И убежала в ванную комнату плакать.
Соня Степанцева
Отправить прямо с поезда в школу – натуральное зверство. Я и накануне ночь почти не спала – до трех утра репетировали. А сегодня в поезде вообще не получилось. Сначала с девчонками шепотом болтали, потом уснуть не могла. «Переваривала». Треволнения дня, свою победу, кубок. Грядущую поездку в Лондон, на Европу. Про сестру с зятем думала. Зять, смешное название. Зять – любит взять, как говаривала мама. Зять Зиновий. Мне никто, но кажется таким родным… И Сашенька, конечно, тоже.
Уснула только в районе Твери. А через полтора часа уже разбудили.
Пока ехала в метро, предвкушала, как дома отмокну в ванне с пеной и завалюсь спать. Но отец оказался неумолим: четверть кончается и без того два дня пропустила. К первому уроку не успела? Ничего, пойдешь ко второму.
Сорок пять минут алгебры я бессмысленно хлопала глазами на доску и гадала: куда бы сбежать? Домой нельзя – мама на пенсии, сидит, бдит. К подругам по танцевальной школе? Их небось учиться не погнали! Но все в разных концах Москвы, добираться – целая история.
Однако выход нашелся.
Пошла на перемене в спортивный зал и выложила физруку всю правду.

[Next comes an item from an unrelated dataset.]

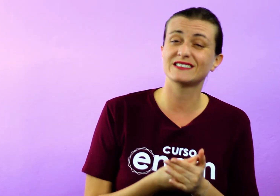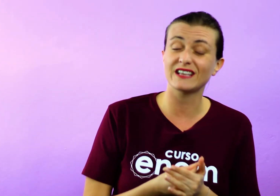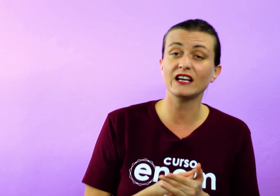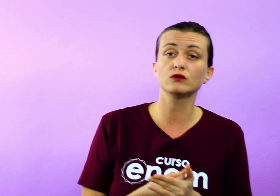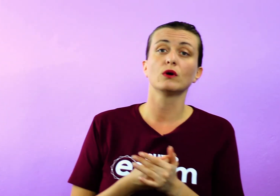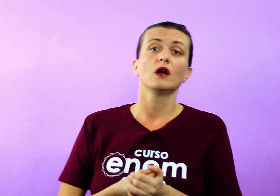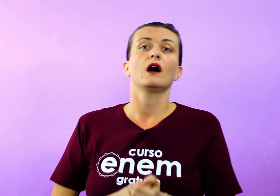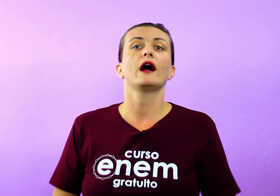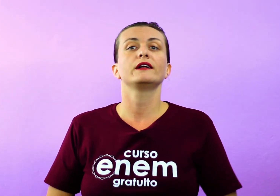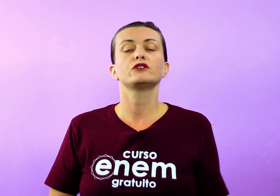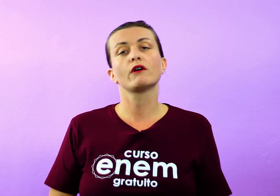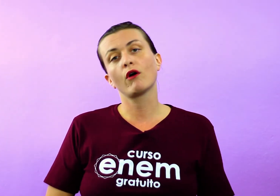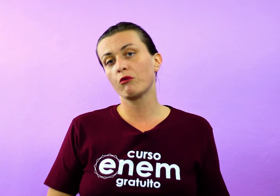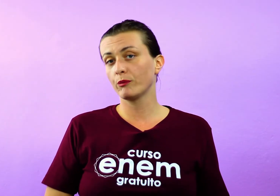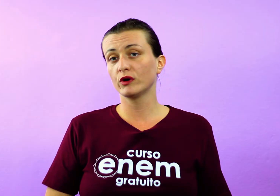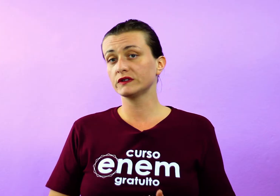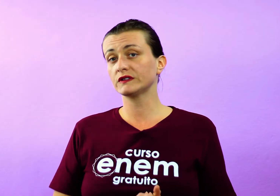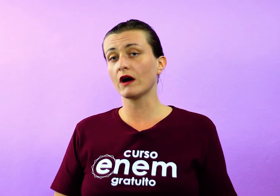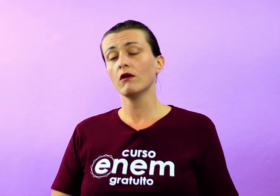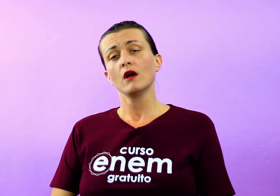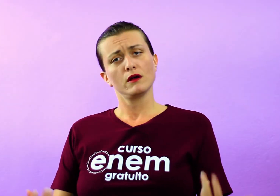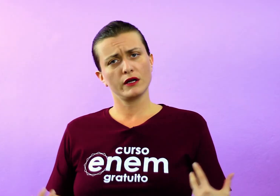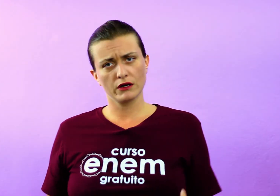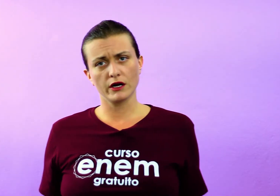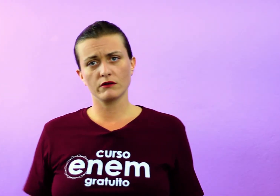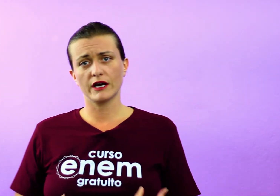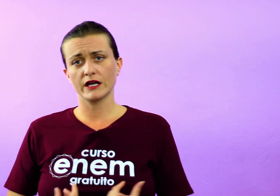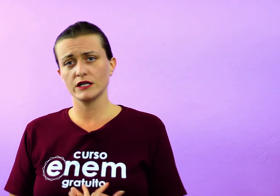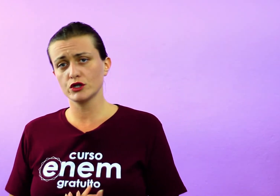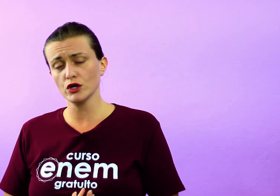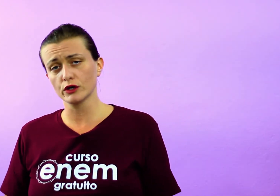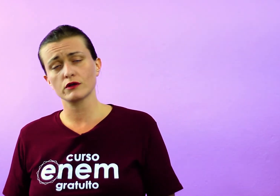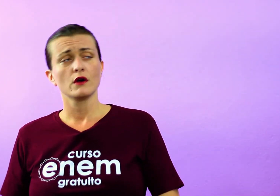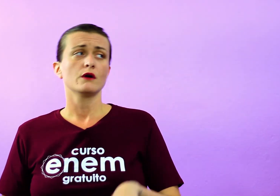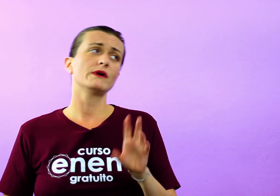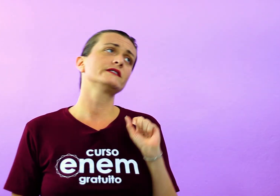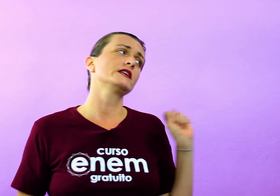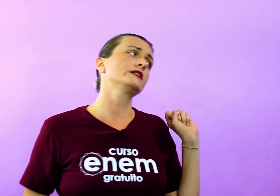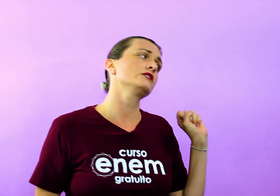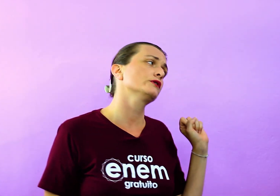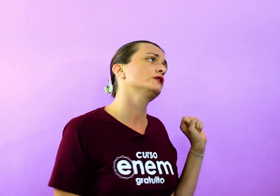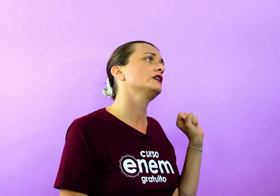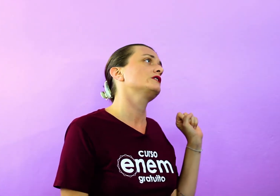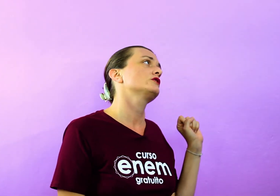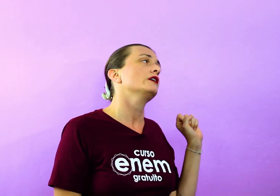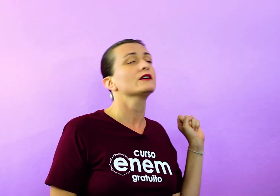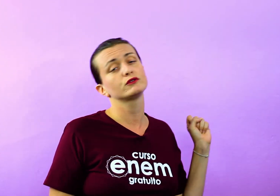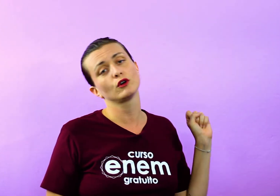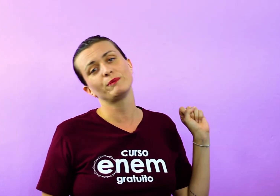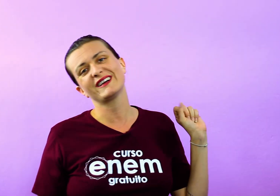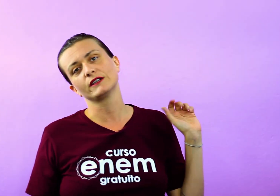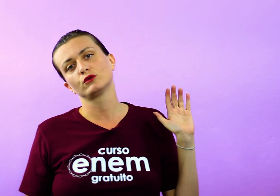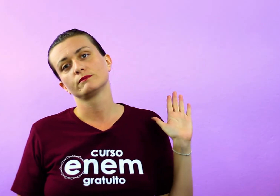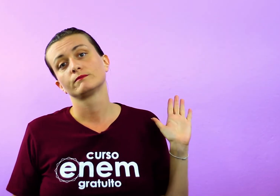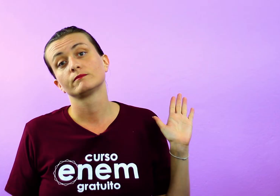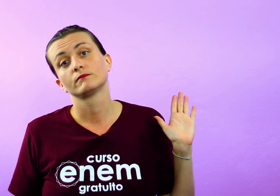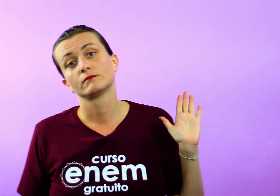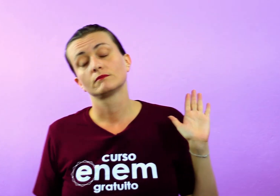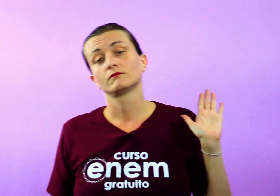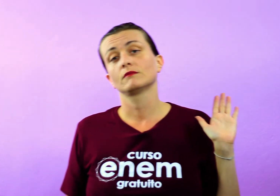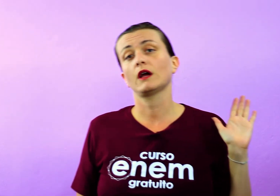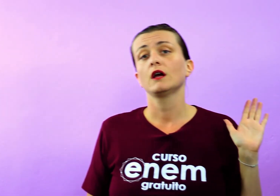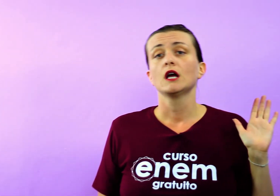trazendo a religião como imposição. O Gregório era um cara religioso, mas ele entendia o seguinte, eu estou pecando.

Тот взглянул сочувственно:
– Суровые у тебя родители.
И отворил дверь подсобки. Гора матов, тепло, уютно, тихо.
Я вырубилась мгновенно – и проснулась ровно к концу шестого урока, в 14.10.
Достала из портфеля зеркальце – лицо в полном порядке, щеки румяные, губы розовые. Зато форма измята до неприличия, но раздеться и сложить одежду, прежде чем уснуть, в голову не пришло. Да и стремно было раздеваться. Физрук молодой, старшеклассники борзые.
Как могла, разгладила юбку. Выбралась наружу, поблагодарила учителя физкультуры и отправилась в раздевалку. Домой, домой! Сейчас мне никто не запретит, наконец, вымыться и завалиться в чистую, мягонькую постель. Не спать, поковыряться в айпаде.
Народ из раздевалки уже схлынул. Я быстренько оделась и выбежала на улицу.
Прямо у ворот школы, преграждая пожарный выезд, стоял «Инфинити».
Сначала я увидела страшно огромный букет цветов на переднем сиденье. И лишь когда из машины вышла Людмила Аркадьевна – поняла, что цветочки – для меня.
* * *
От «Коринтии» до Пулково Саша с Зиновием добрались за рекордные сорок минут. Но на самолет в 11.40 все равно не успели. Пришлось лететь следующим.
В Москве приземлились в 13.15. В половине второго уже садились в ВИП-такси. Вдохновленный двойным счетчиком водитель домчал до школы за час.
Александра всю дорогу набирала и набирала номер дочери. И каждый раз женщина-робот ей повторяла, что аппарат абонента выключен.